Add epoch of 2 elements: ["./data/eval.csv" "./data/eval.csv"]
Add epoch of 2 elements: ["./data/train.csv" "./data/train.csv"]
INFO:tensorflow:Running local_init_op.
INFO:tensorflow:Done running local_init_op.
Take work: "./data/train.csv"
Take work: "./data/eval.csv"
Take work: "./data/train.csv"
Take work: "./data/eval.csv"
INFO:tensorflow:Saving checkpoints for 0 into ./result/model_WIDE_AND_DEEP_1672921107/model.ckpt.
INFO:tensorflow:Create incremental timer, incremental_save:False, incremental_save_secs:None
2023-01-05 12:19:03.144568: W tensorflow/core/framework/op_kernel.cc:1651] OP_REQUIRES failed at work_queue_ops.cc:320 : Out of range: All works in work queue work_queue are taken.

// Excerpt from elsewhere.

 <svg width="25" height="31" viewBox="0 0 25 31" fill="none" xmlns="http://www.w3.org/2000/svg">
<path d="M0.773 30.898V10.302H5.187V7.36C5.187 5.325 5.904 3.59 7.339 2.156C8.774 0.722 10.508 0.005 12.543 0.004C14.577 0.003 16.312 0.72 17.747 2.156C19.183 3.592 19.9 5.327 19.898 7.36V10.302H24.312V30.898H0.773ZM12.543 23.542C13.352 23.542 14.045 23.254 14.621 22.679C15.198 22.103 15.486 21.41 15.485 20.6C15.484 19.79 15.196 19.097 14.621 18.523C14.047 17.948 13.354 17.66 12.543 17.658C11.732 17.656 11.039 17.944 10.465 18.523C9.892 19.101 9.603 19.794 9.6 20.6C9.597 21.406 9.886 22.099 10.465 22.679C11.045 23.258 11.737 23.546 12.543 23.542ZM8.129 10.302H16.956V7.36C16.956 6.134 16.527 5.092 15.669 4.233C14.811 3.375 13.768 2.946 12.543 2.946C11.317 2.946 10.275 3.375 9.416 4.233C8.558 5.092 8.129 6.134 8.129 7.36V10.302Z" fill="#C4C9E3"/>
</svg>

INFO:tensorflow:loss = 0.6893319, steps = 1
2023-01-05 12:19:06.699829: I tensorflow/core/common_runtime/tensorpool_allocator.cc:146] TensorPoolAllocator enabled
INFO:tensorflow:global_step/sec: 19.8375
INFO:tensorflow:loss = 0.5995521, steps = 101 (5.042 sec)
JackMoriarty commented 1 year ago

tf.data.experimental.parallel_interleave is deprecated. Please use tf.data.Dataset.interleave instead.